● **DIRECTIONS**: Where a line of the records holds the string "with", copy that line.

● **DATASET EXCERPTS**:
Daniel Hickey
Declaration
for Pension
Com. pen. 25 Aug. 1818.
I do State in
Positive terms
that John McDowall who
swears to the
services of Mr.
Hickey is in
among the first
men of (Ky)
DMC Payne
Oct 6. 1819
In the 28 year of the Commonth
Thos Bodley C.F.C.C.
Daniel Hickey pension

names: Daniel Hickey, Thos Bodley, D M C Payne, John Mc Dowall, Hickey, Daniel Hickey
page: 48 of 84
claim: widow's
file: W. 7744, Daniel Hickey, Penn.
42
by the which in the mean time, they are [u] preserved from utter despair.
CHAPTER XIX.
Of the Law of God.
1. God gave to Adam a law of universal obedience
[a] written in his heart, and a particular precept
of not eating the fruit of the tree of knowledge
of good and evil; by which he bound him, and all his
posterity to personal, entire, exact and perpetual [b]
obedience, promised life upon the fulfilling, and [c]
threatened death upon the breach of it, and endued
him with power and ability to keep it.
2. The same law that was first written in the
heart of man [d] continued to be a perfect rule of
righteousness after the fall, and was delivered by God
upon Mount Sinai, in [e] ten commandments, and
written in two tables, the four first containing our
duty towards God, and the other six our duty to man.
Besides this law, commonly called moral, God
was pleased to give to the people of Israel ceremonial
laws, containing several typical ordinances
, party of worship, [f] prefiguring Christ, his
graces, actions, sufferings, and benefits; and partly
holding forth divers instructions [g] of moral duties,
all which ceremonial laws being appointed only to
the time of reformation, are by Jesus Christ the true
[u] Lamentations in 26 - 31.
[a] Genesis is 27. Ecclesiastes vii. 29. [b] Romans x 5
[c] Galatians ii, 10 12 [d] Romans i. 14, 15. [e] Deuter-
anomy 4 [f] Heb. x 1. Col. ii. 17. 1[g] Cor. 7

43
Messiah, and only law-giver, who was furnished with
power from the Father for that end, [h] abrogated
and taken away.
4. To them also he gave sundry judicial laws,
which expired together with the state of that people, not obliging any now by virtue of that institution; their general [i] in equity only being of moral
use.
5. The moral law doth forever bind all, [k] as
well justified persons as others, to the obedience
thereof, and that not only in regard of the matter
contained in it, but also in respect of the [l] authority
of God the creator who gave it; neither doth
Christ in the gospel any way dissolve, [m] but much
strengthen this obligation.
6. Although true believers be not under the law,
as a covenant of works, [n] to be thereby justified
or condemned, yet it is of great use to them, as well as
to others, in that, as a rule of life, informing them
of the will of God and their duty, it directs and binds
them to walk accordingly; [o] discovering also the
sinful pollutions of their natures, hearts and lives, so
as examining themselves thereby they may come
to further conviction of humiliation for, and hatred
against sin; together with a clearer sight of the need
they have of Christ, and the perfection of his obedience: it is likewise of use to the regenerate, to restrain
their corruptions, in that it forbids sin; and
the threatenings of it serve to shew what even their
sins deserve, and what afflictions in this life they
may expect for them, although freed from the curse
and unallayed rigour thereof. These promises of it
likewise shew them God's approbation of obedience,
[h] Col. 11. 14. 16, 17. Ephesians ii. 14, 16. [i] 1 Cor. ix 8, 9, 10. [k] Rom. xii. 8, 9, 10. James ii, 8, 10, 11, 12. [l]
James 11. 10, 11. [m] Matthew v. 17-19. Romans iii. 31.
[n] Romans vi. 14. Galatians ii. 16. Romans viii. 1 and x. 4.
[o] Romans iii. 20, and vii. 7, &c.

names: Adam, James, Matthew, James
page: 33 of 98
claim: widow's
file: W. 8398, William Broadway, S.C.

● **RESULT OF THIS EXERCISE**:
him with power and ability to keep it.
Messiah, and only law-giver, who was furnished with
which expired together with the state of that people, not obliging any now by virtue of that institution; their general [i] in equity only being of moral
against sin; together with a clearer sight of the need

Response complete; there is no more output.